Vietnam has received an estimated $1.55 billion in foreign direct investment (FDI) disbursements during the first two months of this year, up 3.3 percent from a year ago, the government said Thursday.
FDI pledges, additional funds for existing projects and investments in Vietnamese stocks, totaled $3.4 billion in the two-month period, a rise of 21.5 percent from the same period last year, the Planning and Investment Ministry's foreign investment department said in a report.
Foreign direct investment is a major source of foreign exchange for Vietnam, which along with overseas remittances help improve the country's trade balance.
In the first two months, the manufacturing and processing industries have attracted $2.5 billion of FDI pledges and additional funds, or 73.4 percent of the total, followed by the real estate sector and the wholesale/retail sector, the report said.

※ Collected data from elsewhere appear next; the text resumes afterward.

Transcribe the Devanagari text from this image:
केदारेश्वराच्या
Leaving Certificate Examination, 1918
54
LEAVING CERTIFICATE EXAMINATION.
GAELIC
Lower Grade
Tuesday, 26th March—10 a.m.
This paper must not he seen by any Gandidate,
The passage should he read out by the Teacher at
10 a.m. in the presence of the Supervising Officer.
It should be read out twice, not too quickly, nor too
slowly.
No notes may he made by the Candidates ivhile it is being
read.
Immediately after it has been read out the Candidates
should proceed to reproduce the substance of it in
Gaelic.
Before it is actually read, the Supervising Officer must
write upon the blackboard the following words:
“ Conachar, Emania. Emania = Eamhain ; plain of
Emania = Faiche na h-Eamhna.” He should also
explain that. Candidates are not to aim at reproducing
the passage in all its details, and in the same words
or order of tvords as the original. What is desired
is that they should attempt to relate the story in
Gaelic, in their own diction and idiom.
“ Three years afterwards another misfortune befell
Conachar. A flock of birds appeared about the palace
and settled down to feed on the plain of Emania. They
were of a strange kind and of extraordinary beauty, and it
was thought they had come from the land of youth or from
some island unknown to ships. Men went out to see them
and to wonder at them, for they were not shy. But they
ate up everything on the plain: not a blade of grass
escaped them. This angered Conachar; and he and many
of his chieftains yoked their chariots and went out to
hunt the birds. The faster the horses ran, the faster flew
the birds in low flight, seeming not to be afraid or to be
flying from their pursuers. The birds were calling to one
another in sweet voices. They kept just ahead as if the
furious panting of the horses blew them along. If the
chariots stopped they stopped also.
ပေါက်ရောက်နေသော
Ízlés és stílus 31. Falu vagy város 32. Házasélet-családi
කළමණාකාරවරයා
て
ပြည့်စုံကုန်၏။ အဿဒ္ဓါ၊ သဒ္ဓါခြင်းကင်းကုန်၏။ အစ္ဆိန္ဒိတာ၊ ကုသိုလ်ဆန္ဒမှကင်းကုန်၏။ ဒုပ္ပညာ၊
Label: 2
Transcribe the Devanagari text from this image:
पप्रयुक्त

Singapore remained the top investor with $881.6 million, followed by China and South Korea.
FDI has gone mostly to Vietnam’s manufacturing and processing industries so far in 2017, which aligns with the trend observed since 2012, based on government data.
In 2016 a combined $15.5 billion worth of FDI pledges and additional funds were poured into these areas, up from $15.2 billion the previous year.
The industrial and construction sectors ruled the roost back in 2011 after taking over from real estate.
The country received a record $15.8 billion in disbursements in 2016.